Unless you're saying that procreation of shit humans by consumption of shit beer produces MORE shit humans & that the only way for evolution (progress?) is by eradicating shit humans drinking shit beer.

But how do you eradicate the shit humans drinking good beer if that's all that's available?? 

Edit: I'm drinking good beer as I type & I am (by design  ) an absolute shit on occasion......


----------



## Captain Kirk (5/2/14)

My oldest boy is Hunter so I called mine Hunter's Call


----------



## peas_and_corn (5/2/14)

My brewery is DP Brewery. For Dave's Pub. Yes, that's what I say it means...


----------



## breakbeer (5/2/14)

Chicken Piss Brewing (my nickname is Chicken)

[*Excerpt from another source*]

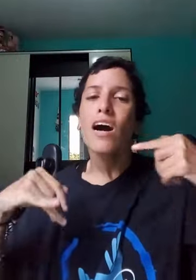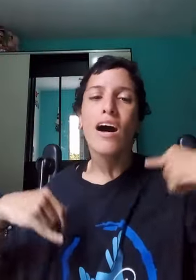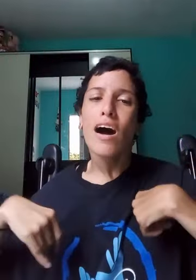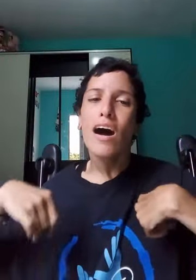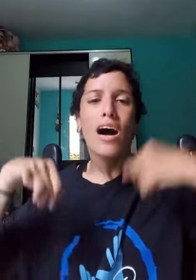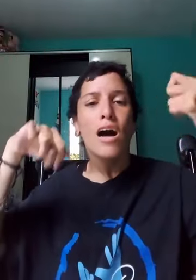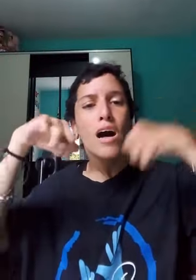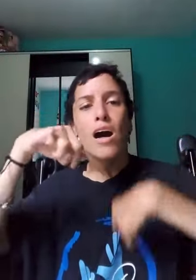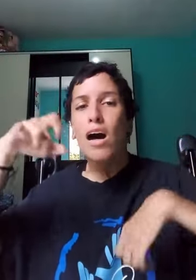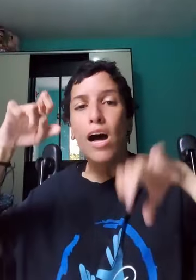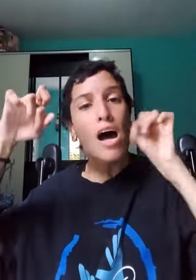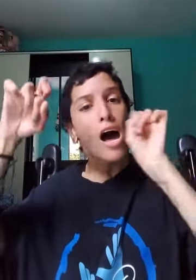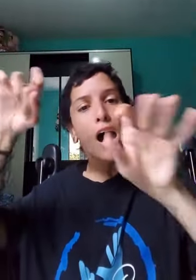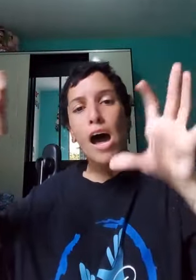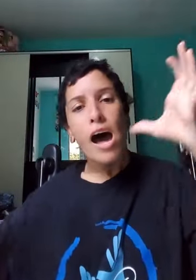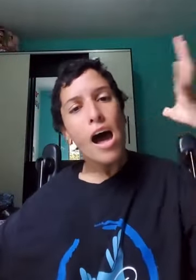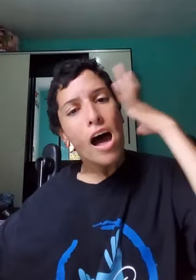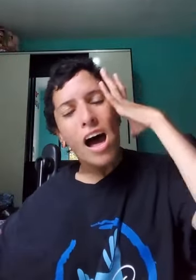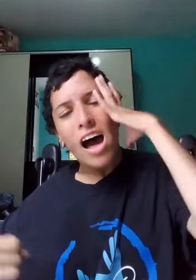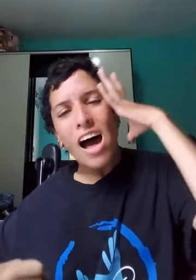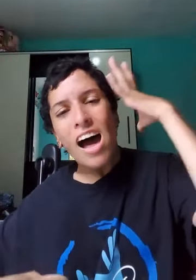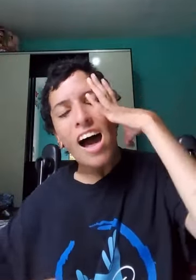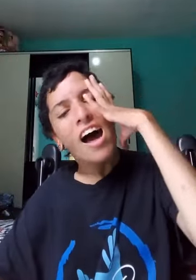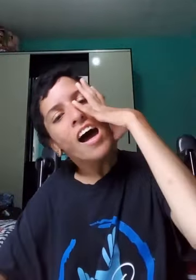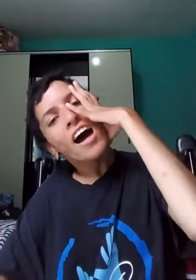e eu preciso só saber

swmbo doesn't like it. "but what if you start selling it?"

that made me laugh


----------



## DJ_L3ThAL (5/2/14)

FOON Brewing, cos my mates said if I called it "NOOF BREWING" they'd get mad. As you can tell, I'm shit at naming things.


----------



## RobjF (5/2/14)

Mines 'The Leaky Barrel Brewery. ' my five year old son gave me the inspiration for the name after two occasions he had to tell me my barrel was leaking. Really I had forgot to shut the tap on the fermenter when racking my beer. It now has a face book page although its along way off finished. Still makes good beer.


----------



## MetalRooster (5/2/14)

MetalRooster. Was born in the year of the Rooster, and recently learnt that the Chinese also associate elements to the years, so mine was the year of the Metal Rooster. I'm not Chinese, nor do I follow anything to do with the zodiac but thought the name sounded cool. And then I pictured a Rooster dressed as a Roman Legionary, instant logo.


----------



## philmud (5/2/14)

I've posted this before, but I wanted something significant to my suburb (Footscray). It's an old area with strong working class and migrant roots. Much of the historical references I was able to find were about the Football team. I learned that in the 1880s, they took to the field as the Prince Imperials, after a former heir to the French throne who was killed by Zulu warriors. I thought it was an interesting and suitably obscure story and I liked the name (Bone Mill Brewery was another contender, the Doggies also took to the field as "The Bone Mill Fellows at one stage).


----------



## Lord Raja Goomba I (5/2/14)

Goomba Palace Brewery or just Palace Brewery (or Brauhaus if I'm doing something German).

My grandfather is Indian, and the nephew of the (now former) Maharajah of the area (the British had them acting as sorts of Viceroy of the British Empire and yet the ruler of their state - basically British used the place for their interests but let the locals rule what they had). 

When the republic was finally formed and the Indian Government stripped the wealth from those who had it, they lost everything and my grandfather used his British passport and went to England with the shirt on his back. Met my grandmother (scouse), had kids, eventually moved to Australia, which is where I was born.

Even if the titles were still available, I'd be like 200th or something in line to the throne, there's a ton of kids from my grandfather's generation. It's more the heritage thing, along with the other nationalities that I know about in the last 4 generations (hence why my Irish Red gets called McGoomba, and if the Portuguese or Roma people had a beer of note, I'd brew that and give it the appropriate name).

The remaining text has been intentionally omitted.